Op 21 september 2021 heeft de Rechtbank Rotterdam een beschikking gegeven in een zaak betreffende een zorgmachtiging op basis van de Wet verplichte geestelijke gezondheidszorg (Wvggz). De officier van justitie in het arrondissement Rotterdam had op 3 september 2021 een verzoekschrift ingediend, waarin werd verzocht om een zorgmachtiging voor betrokkene, die lijdt aan schizofrenie. Tijdens de mondelinge behandeling op 21 september 2021 waren betrokkene en haar advocaat aanwezig, maar de officier van justitie was afwezig. De rechtbank heeft vastgesteld dat het gedrag van betrokkene, als gevolg van haar psychische stoornis, leidt tot ernstig nadeel en dat er geen vrijwillige alternatieven zijn voor de noodzakelijke zorg.
De advocaat van betrokkene heeft verzet aangetekend tegen de zorgmachtiging, stellende dat betrokkene wilsbekwaam is en dat haar wensen met betrekking tot verplichte zorg gerespecteerd moeten worden.
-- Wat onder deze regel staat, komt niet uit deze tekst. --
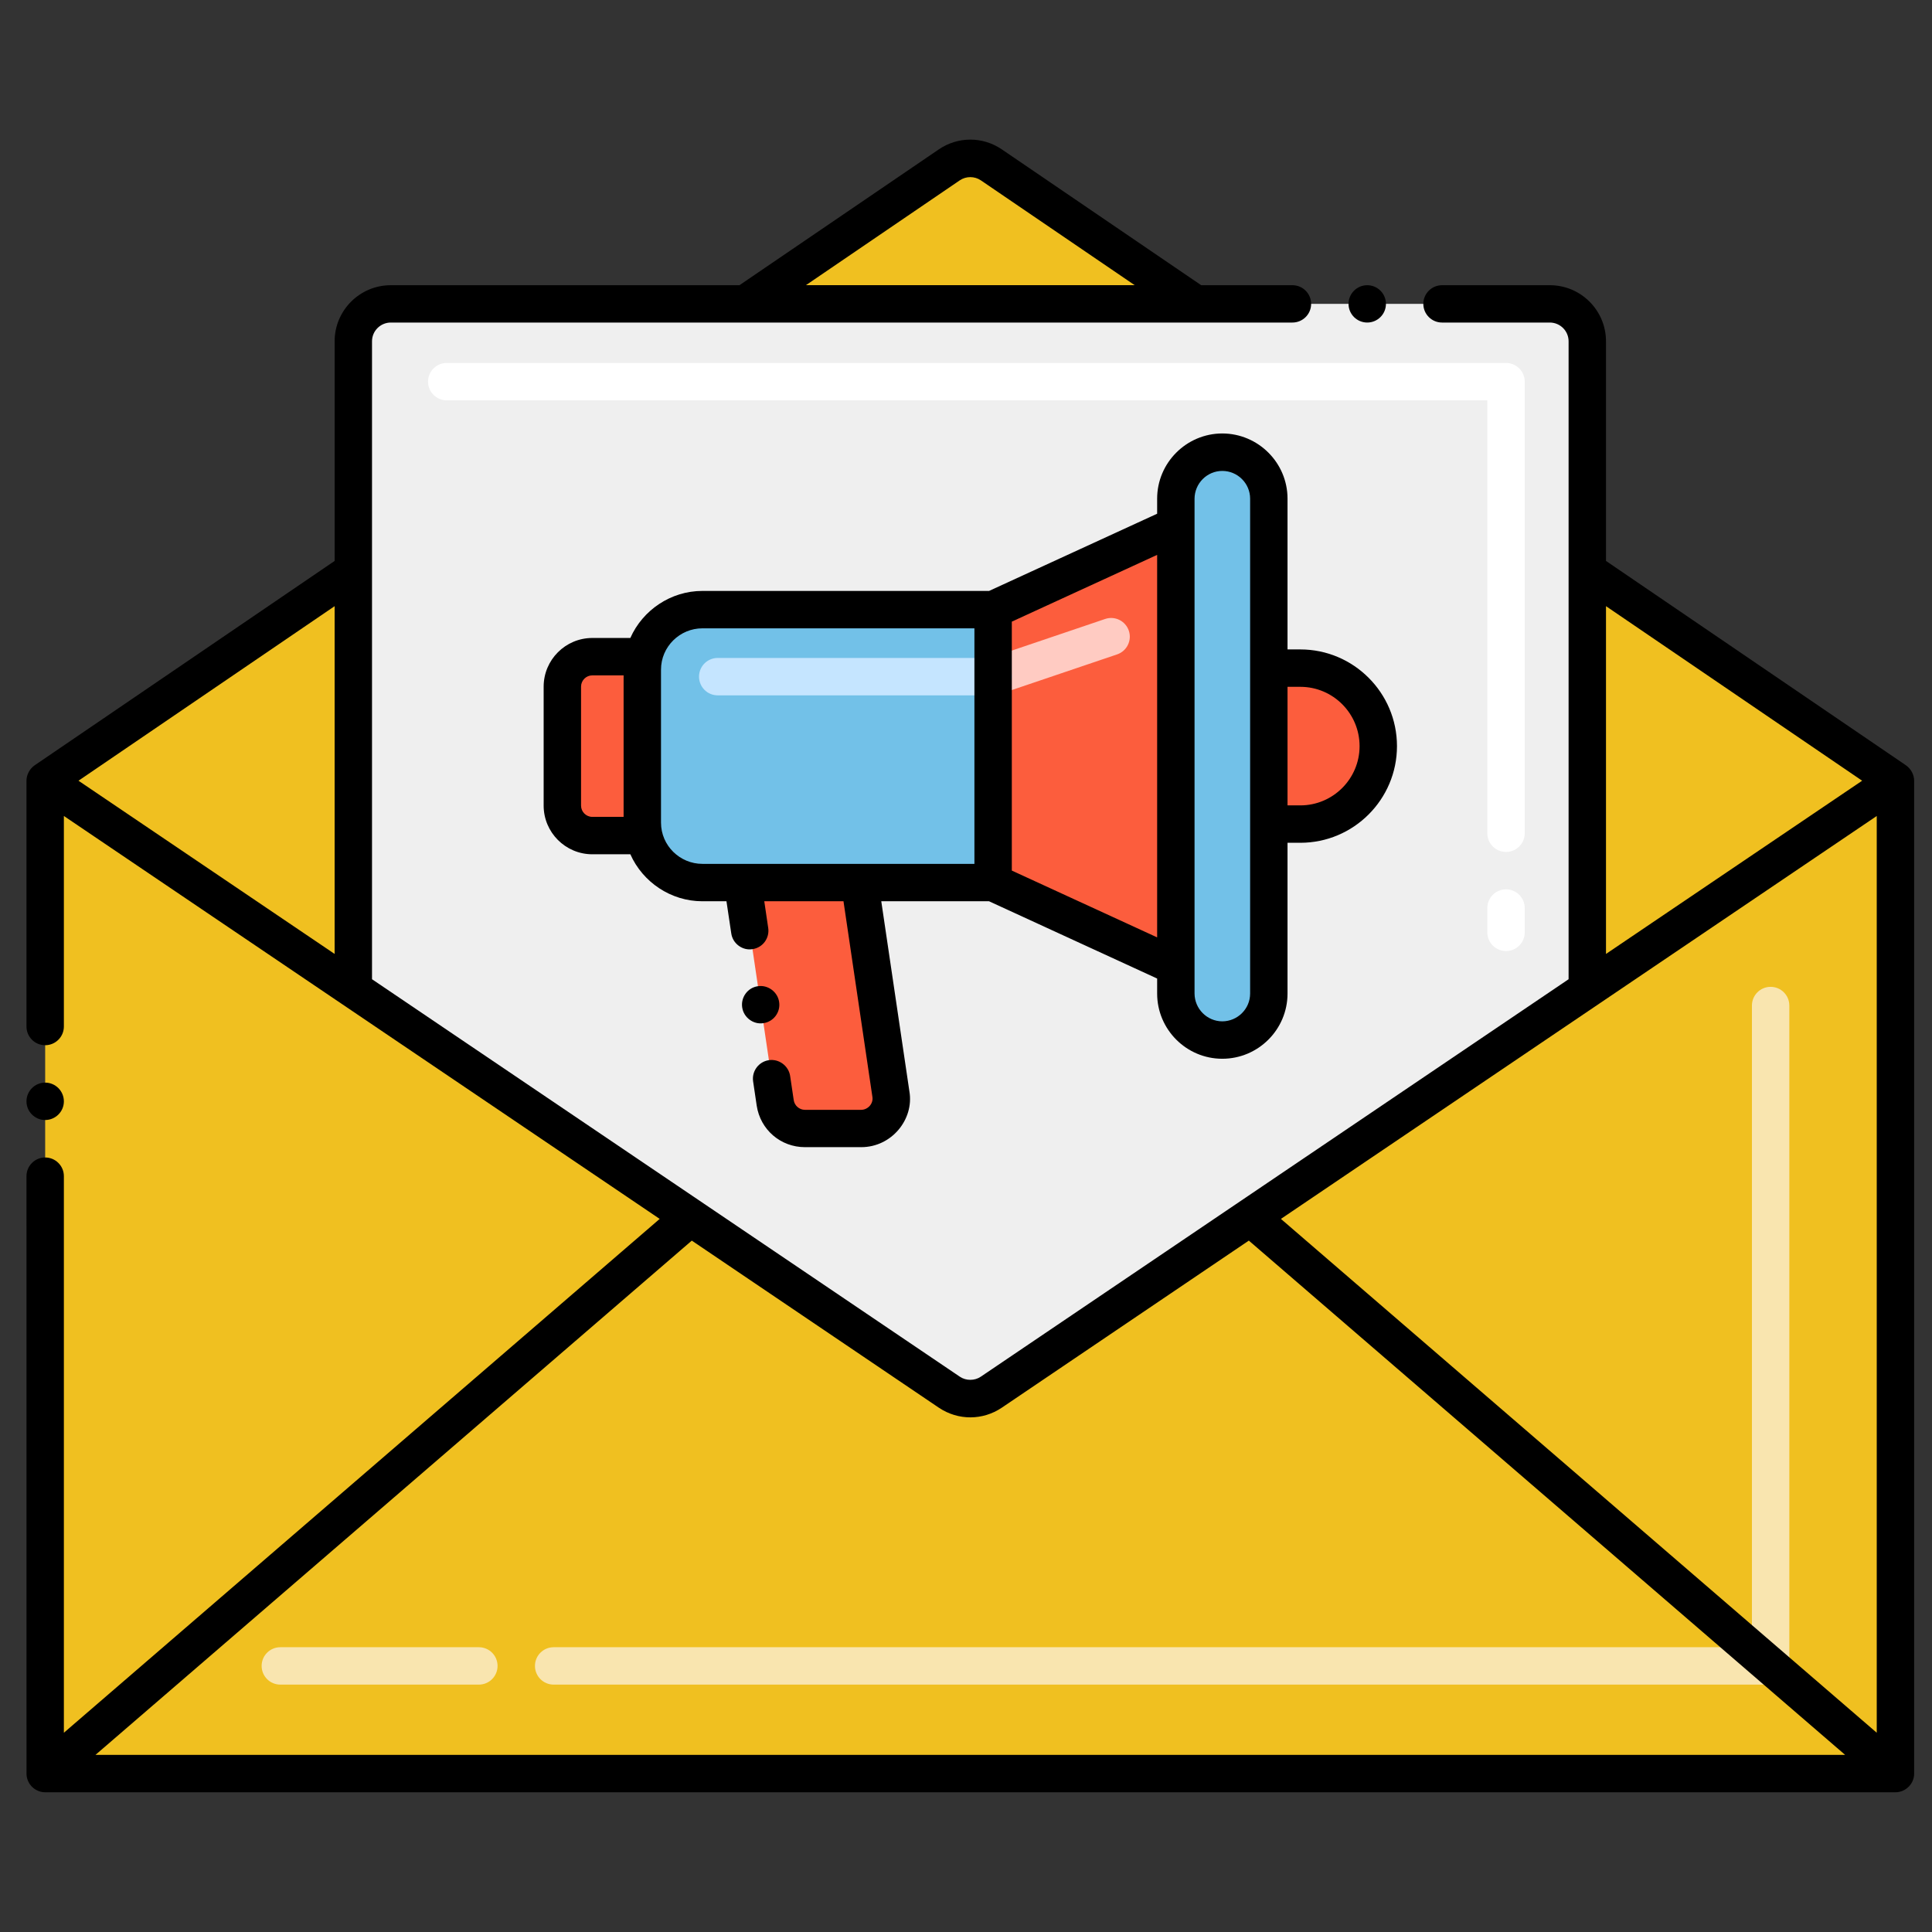 <svg width="112" height="112" viewBox="0 0 112 112" fill="none" xmlns="http://www.w3.org/2000/svg">
<rect x="0" y="0" width="112" height="112" fill="#333333" stroke="none"/>
<path d="M109.881 45.262V102.817H2.619V45.262L20.483 33.091V57.342L55.036 80.708C55.769 81.203 56.731 81.203 57.464 80.708L92.017 57.342V33.091L109.881 45.262Z" fill="#F0C020"/>
<path d="M69.297 17.616H43.203L55.027 9.56C55.764 9.057 56.736 9.057 57.473 9.56L69.297 17.616Z" fill="#F0C020"/>
<path d="M89.849 17.616C87.477 17.616 27.214 17.616 22.651 17.616C21.454 17.616 20.483 18.587 20.483 19.784V33.091V57.342L55.036 80.708C55.769 81.203 56.731 81.203 57.464 80.708L92.017 57.342C92.017 53.254 92.017 23.856 92.017 19.784C92.017 18.587 91.046 17.616 89.849 17.616Z" fill="#EFEFEF"/>
<path d="M102.645 97.659H32.096C31.497 97.659 31.012 97.174 31.012 96.575C31.012 95.976 31.497 95.491 32.096 95.491H101.561V58.291C101.561 57.693 102.046 57.208 102.645 57.208C103.243 57.208 103.729 57.693 103.729 58.291V96.575C103.729 97.173 103.243 97.659 102.645 97.659ZM27.76 97.659H16.251C15.652 97.659 15.167 97.174 15.167 96.575C15.167 95.976 15.652 95.491 16.251 95.491H27.76C28.359 95.491 28.844 95.976 28.844 96.575C28.844 97.174 28.359 97.659 27.76 97.659Z" fill="#F9E5AF"/>
<path d="M87.306 55.133C86.707 55.133 86.222 54.648 86.222 54.049V52.64C86.222 52.041 86.707 51.556 87.306 51.556C87.905 51.556 88.39 52.041 88.39 52.64V54.049C88.39 54.648 87.905 55.133 87.306 55.133ZM87.306 49.388C86.707 49.388 86.222 48.903 86.222 48.304V23.209H25.898C25.3 23.209 24.814 22.724 24.814 22.125C24.814 21.527 25.3 21.041 25.898 21.041H87.306C87.905 21.041 88.39 21.527 88.39 22.125V48.304C88.39 48.903 87.905 49.388 87.306 49.388Z" fill="white"/>
<path d="M75.381 38.732H73.554V47.773H75.381C77.896 47.773 79.9 45.726 79.9 43.254C79.9 40.757 77.875 38.732 75.381 38.732Z" fill="#FC5D3D"/>
<path d="M40.714 35.341C39.051 35.341 37.66 36.508 37.318 38.068C37.315 38.071 37.315 38.073 37.318 38.076C37.262 38.315 37.235 38.565 37.235 38.82V47.686C37.235 47.941 37.262 48.191 37.318 48.43C37.315 48.433 37.318 48.435 37.318 48.438C37.66 49.996 39.051 51.162 40.714 51.162H43.05H49.833H57.572V35.342L40.714 35.341Z" fill="#72C1E8"/>
<path d="M57.572 35.342V51.163L68.166 56.031V30.474L57.572 35.342Z" fill="#FC5D3D"/>
<path d="M70.859 60.291C69.371 60.291 68.167 59.085 68.167 57.596V28.909C68.167 27.421 69.371 26.214 70.859 26.214C72.348 26.214 73.554 27.421 73.554 28.909V57.596C73.554 59.085 72.348 60.291 70.859 60.291Z" fill="#72C1E8"/>
<path d="M57.572 40.31C57.12 40.31 56.699 40.025 56.546 39.573C56.354 39.006 56.658 38.391 57.225 38.199L64.064 35.883C64.631 35.689 65.247 35.995 65.439 36.562C65.63 37.129 65.326 37.744 64.76 37.936L57.92 40.252C57.805 40.292 57.687 40.31 57.572 40.31Z" fill="#FFCBC2"/>
<path d="M57.572 40.31H41.607C41.008 40.31 40.523 39.825 40.523 39.226C40.523 38.627 41.008 38.142 41.607 38.142H57.572C58.171 38.142 58.656 38.627 58.656 39.226C58.656 39.825 58.171 40.31 57.572 40.31Z" fill="#C5E5FF"/>
<path d="M37.235 38.82V47.687C37.235 47.942 37.262 48.192 37.318 48.431C37.315 48.433 37.318 48.436 37.318 48.439H34.338C33.379 48.439 32.6 47.66 32.6 46.7V39.806C32.6 38.844 33.379 38.068 34.338 38.068H37.318C37.315 38.071 37.315 38.073 37.318 38.076C37.262 38.315 37.235 38.565 37.235 38.82Z" fill="#FC5D3D"/>
<path d="M49.926 65.42H46.663C45.799 65.42 45.068 64.787 44.941 63.937L43.051 51.163H49.834L51.649 63.429C51.803 64.476 50.99 65.42 49.926 65.42Z" fill="#FC5D3D"/>
<path d="M1.535 45.263V45.264V59.508C1.535 60.106 2.02 60.592 2.619 60.592C3.217 60.592 3.703 60.106 3.703 59.508V47.303C11.243 52.403 31.546 66.132 38.243 70.661L3.703 100.449V68.184C3.703 67.586 3.217 67.1 2.619 67.1C2.02 67.1 1.535 67.586 1.535 68.184C1.535 68.339 1.534 102.684 1.537 102.839C1.55 103.433 2.043 103.9 2.619 103.9H109.881C110.462 103.9 110.965 103.422 110.965 102.819V45.267C110.966 44.933 110.801 44.577 110.472 44.353C110.472 44.353 93.169 32.565 93.101 32.518V19.786C93.101 17.991 91.64 16.534 89.849 16.534H83.596C82.998 16.534 82.512 17.02 82.512 17.618C82.512 18.212 82.998 18.698 83.596 18.698H89.849C90.448 18.702 90.933 19.188 90.933 19.786C90.933 23.534 90.933 52.527 90.933 56.767C80.732 63.665 87.321 59.209 56.857 79.808C56.502 80.051 55.998 80.051 55.642 79.808C50.84 76.561 26.368 60.014 21.566 56.767C21.566 52.529 21.566 23.533 21.566 19.786C21.566 19.188 22.052 18.702 22.65 18.698C29.508 18.698 71.254 18.698 74.924 18.698C75.523 18.698 76.008 18.212 76.008 17.618C76.008 17.02 75.523 16.534 74.924 16.534H69.634L58.084 8.664C56.969 7.903 55.529 7.904 54.417 8.664L42.866 16.534H22.651C20.86 16.534 19.399 17.991 19.399 19.786V32.518L2.007 44.367C1.729 44.559 1.534 44.908 1.535 45.263ZM55.638 10.455C56.004 10.206 56.495 10.205 56.863 10.456L65.78 16.532H46.72L55.638 10.455ZM40.104 71.92L54.429 81.608C55.557 82.362 56.979 82.342 58.071 81.608C59.534 80.618 70.048 73.507 72.396 71.919L106.964 101.732H5.535L40.104 71.92ZM108.797 100.449L74.256 70.661L108.797 47.304V100.449ZM93.101 35.14L107.95 45.259L93.101 55.301V35.14ZM19.399 55.301L4.55 45.259L19.399 35.14V55.301Z" fill="black"/>
<path d="M80.344 17.618C80.344 17.02 79.859 16.534 79.26 16.534C78.662 16.534 78.176 17.02 78.176 17.618C78.176 18.212 78.662 18.698 79.26 18.698C79.859 18.698 80.344 18.212 80.344 17.618Z" fill="black"/>
<path d="M2.619 64.928C3.217 64.928 3.703 64.442 3.703 63.848C3.703 63.25 3.217 62.76 2.619 62.76C2.021 62.76 1.535 63.25 1.535 63.848C1.535 64.442 2.021 64.928 2.619 64.928Z" fill="black"/>
<path d="M44.257 59.313C44.827 59.235 45.26 58.694 45.167 58.086C45.085 57.505 44.522 57.084 43.94 57.171C43.338 57.253 42.938 57.821 43.026 58.402C43.113 58.995 43.684 59.408 44.257 59.313Z" fill="black"/>
<path d="M70.857 61.377C72.943 61.377 74.639 59.681 74.639 57.596V48.857H75.381C78.47 48.857 80.984 46.344 80.984 43.254C80.984 40.163 78.47 37.648 75.381 37.648H74.639V28.909C74.639 26.828 72.943 25.133 70.857 25.128C68.776 25.133 67.081 26.828 67.081 28.909V29.781L57.335 34.258L40.714 34.257C38.893 34.257 37.259 35.364 36.541 36.984H34.338C32.782 36.984 31.516 38.25 31.516 39.806V46.701C31.516 48.257 32.782 49.523 34.338 49.523H36.542C37.26 51.142 38.893 52.247 40.714 52.247H42.114L42.392 54.109C42.476 54.711 43.054 55.118 43.619 55.024C44.249 54.929 44.62 54.356 44.534 53.793L44.306 52.247H48.898L50.574 63.588C50.638 63.979 50.314 64.333 49.928 64.338H46.663C46.338 64.338 46.06 64.095 46.013 63.774L45.805 62.374C45.718 61.793 45.163 61.372 44.573 61.459C43.98 61.546 43.572 62.101 43.659 62.69L43.867 64.095C44.079 65.491 45.254 66.502 46.663 66.502H49.928C51.69 66.502 52.993 64.888 52.72 63.276L51.088 52.247H57.335L67.081 56.727V57.596C67.081 59.681 68.776 61.377 70.857 61.377ZM75.381 39.816C77.275 39.816 78.816 41.358 78.816 43.254C78.816 45.148 77.275 46.689 75.381 46.689H74.639V39.816H75.381ZM70.857 27.3C71.747 27.3 72.471 28.024 72.471 28.909C72.471 34.407 72.471 50.263 72.471 57.596C72.471 58.484 71.747 59.204 70.857 59.209C69.973 59.204 69.254 58.484 69.249 57.596C69.249 57.577 69.249 29.486 69.249 28.909C69.254 28.024 69.973 27.3 70.857 27.3ZM33.684 46.701V39.806C33.684 39.445 33.978 39.152 34.338 39.152H36.151V47.355H34.338C33.978 47.355 33.684 47.062 33.684 46.701ZM38.319 47.687V38.82C38.319 37.479 39.422 36.425 40.714 36.425L56.488 36.426V50.079H40.714C39.428 50.079 38.319 49.034 38.319 47.687ZM58.656 50.468V36.037L67.081 32.166V54.341L58.656 50.468Z" fill="black"/>
</svg>

De rechtbank heeft echter overwogen dat de wet bepaalt dat de machtiging kan worden verleend indien er sprake is van een psychische stoornis die leidt tot ernstig nadeel, en dat het verzet van betrokkene de rechtvaardiging voor de machtiging vormt. De rechtbank heeft geconcludeerd dat er geen minder bezwarende alternatieven zijn en dat de voorgestelde verplichte zorg evenredig en effectief is.
Uiteindelijk heeft de rechtbank besloten om de zorgmachtiging voor een periode van twaalf maanden te verlenen, met de mogelijkheid om de zorg te beperken tot ambulante zorg, zodat betrokkene tijdens de afbouw van haar medicatie kan worden gevolgd. De beschikking is mondeling gegeven door rechter H.C.A. de Groot en schriftelijk uitgewerkt op 13 oktober 2021. Tegen deze beschikking staat het rechtsmiddel van cassatie open.